(Records for this task Opens)

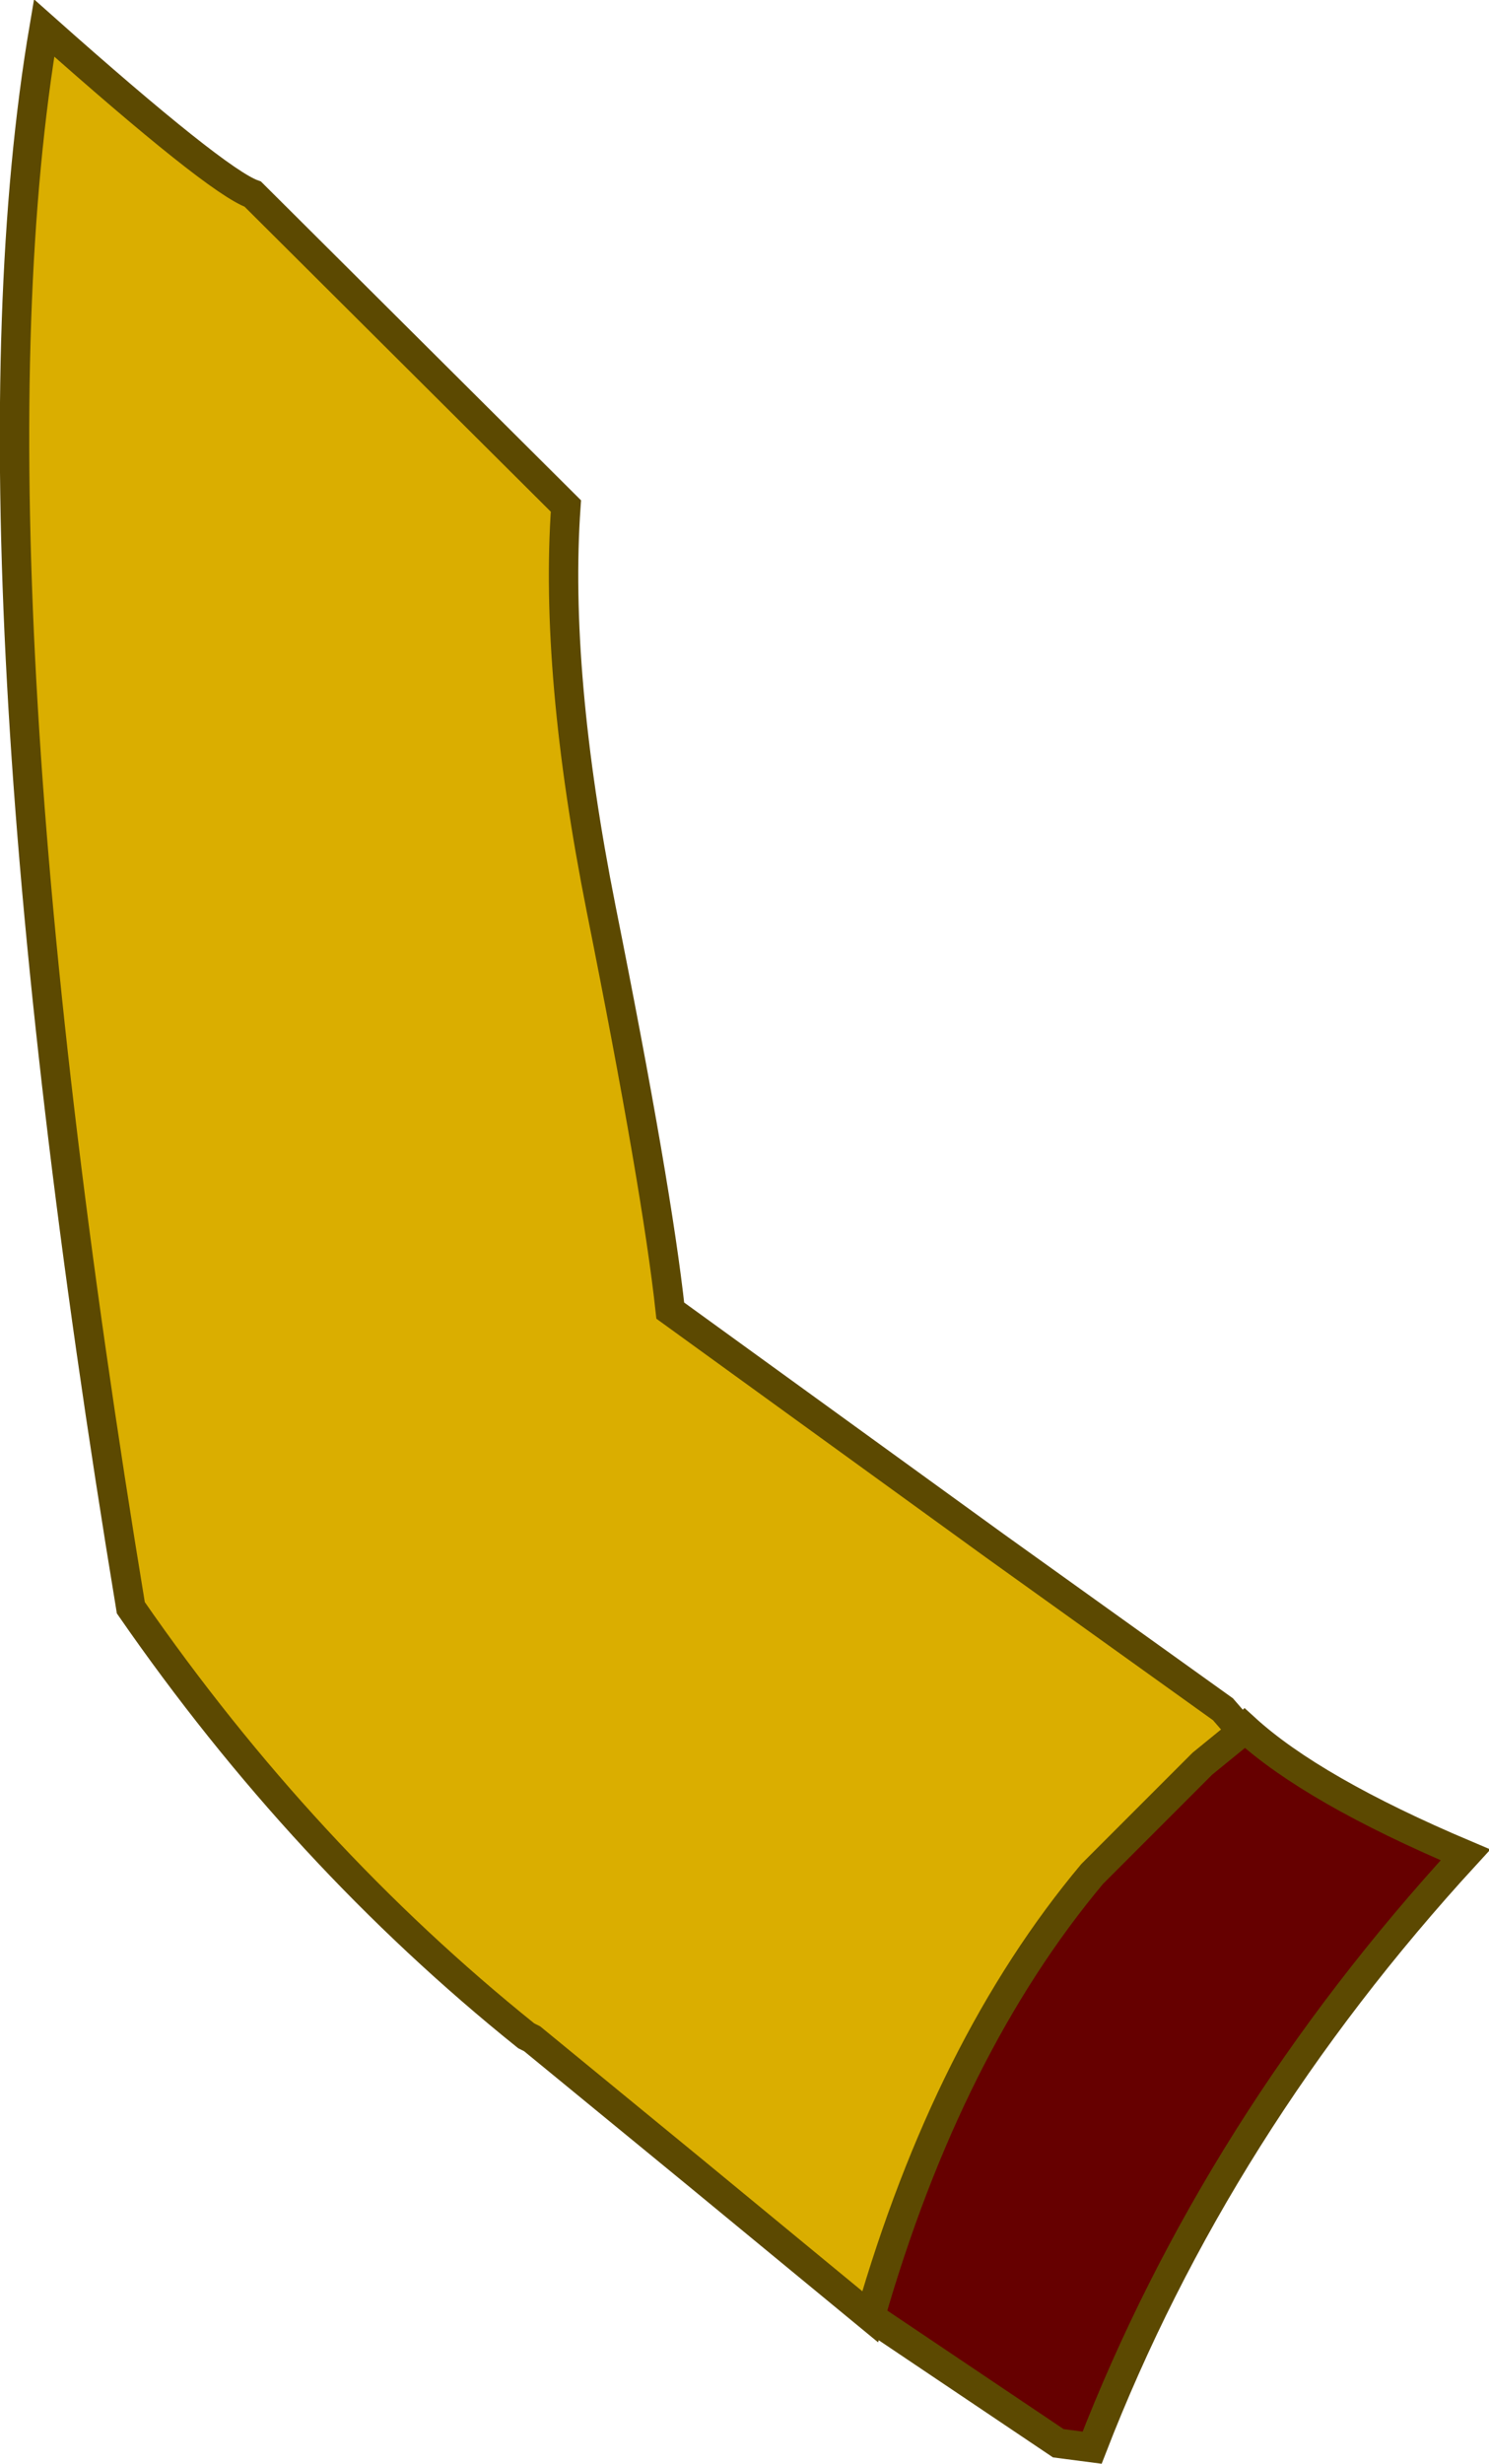 <?xml version="1.0" encoding="UTF-8" standalone="no"?>
<svg xmlns:xlink="http://www.w3.org/1999/xlink" height="83.75px" width="50.65px" xmlns="http://www.w3.org/2000/svg">
  <g transform="matrix(1.0, 0.0, 0.0, 1.0, 17.75, 27.85)">
    <path d="M11.85 50.9 L5.9 46.0 0.35 41.45 0.15 41.35 Q-7.45 35.25 -13.3 26.8 -19.25 -9.25 -16.25 -26.9 -10.4 -21.7 -9.15 -21.25 L1.5 -10.65 Q1.1 -5.0 2.7 3.05 4.6 12.55 5.05 16.7 L16.1 24.7 23.85 30.25 24.5 31.0 23.15 32.1 24.5 31.0 23.15 32.1 19.4 35.85 Q14.5 41.7 11.85 50.9" fill="#daae00" fill-rule="evenodd" stroke="none"/>
    <path d="M11.85 50.9 Q14.5 41.7 19.4 35.85 L23.15 32.1 24.5 31.0 24.6 30.9 Q26.9 33.0 32.1 35.2 23.65 44.4 19.4 55.35 L18.25 55.2 11.85 50.9" fill="#660000" fill-rule="evenodd" stroke="none"/>
    <path d="M24.5 31.0 L23.85 30.25 16.1 24.7 5.05 16.7 Q4.6 12.55 2.7 3.05 1.1 -5.0 1.5 -10.65 L-9.15 -21.25 Q-10.4 -21.7 -16.25 -26.9 -19.25 -9.25 -13.3 26.8 -7.45 35.25 0.15 41.35 L0.35 41.45 5.9 46.0 11.85 50.9 Q14.5 41.7 19.4 35.85 L23.15 32.1 24.5 31.0 24.6 30.9 Q26.9 33.0 32.1 35.2 23.65 44.4 19.4 55.35 L18.25 55.2 11.85 50.9" fill="none" stroke="#5c4901" stroke-linecap="butt" stroke-linejoin="miter-clip" stroke-miterlimit="3.0" stroke-width="1.0"/>
  </g>
</svg>

(Records for this task Closes)

§ Brief
Transcribe every line of the records exactly. Pictures do not belong in the copy.

§ Output below
 <?xml version="1.0" encoding="UTF-8" standalone="no"?>
<svg xmlns:xlink="http://www.w3.org/1999/xlink" height="83.75px" width="50.65px" xmlns="http://www.w3.org/2000/svg">
  <g transform="matrix(1.0, 0.0, 0.0, 1.0, 17.75, 27.85)">
    <path d="M11.85 50.9 L5.9 46.0 0.35 41.45 0.15 41.35 Q-7.45 35.25 -13.3 26.8 -19.25 -9.25 -16.25 -26.9 -10.4 -21.7 -9.15 -21.25 L1.5 -10.65 Q1.1 -5.0 2.7 3.05 4.6 12.55 5.05 16.7 L16.1 24.7 23.85 30.25 24.5 31.0 23.15 32.1 24.5 31.0 23.15 32.1 19.4 35.85 Q14.5 41.7 11.85 50.9" fill="#daae00" fill-rule="evenodd" stroke="none"/>
    <path d="M11.85 50.9 Q14.5 41.7 19.4 35.85 L23.15 32.1 24.5 31.0 24.6 30.9 Q26.9 33.0 32.1 35.2 23.65 44.4 19.4 55.35 L18.25 55.2 11.85 50.9" fill="#660000" fill-rule="evenodd" stroke="none"/>
    <path d="M24.5 31.0 L23.85 30.25 16.1 24.7 5.05 16.7 Q4.6 12.55 2.7 3.05 1.1 -5.0 1.5 -10.65 L-9.15 -21.25 Q-10.4 -21.7 -16.25 -26.9 -19.25 -9.25 -13.3 26.8 -7.45 35.25 0.15 41.35 L0.35 41.45 5.9 46.0 11.85 50.9 Q14.5 41.7 19.4 35.85 L23.15 32.1 24.5 31.0 24.6 30.9 Q26.9 33.0 32.1 35.2 23.65 44.4 19.4 55.35 L18.25 55.2 11.85 50.9" fill="none" stroke="#5c4901" stroke-linecap="butt" stroke-linejoin="miter-clip" stroke-miterlimit="3.0" stroke-width="1.0"/>
  </g>
</svg>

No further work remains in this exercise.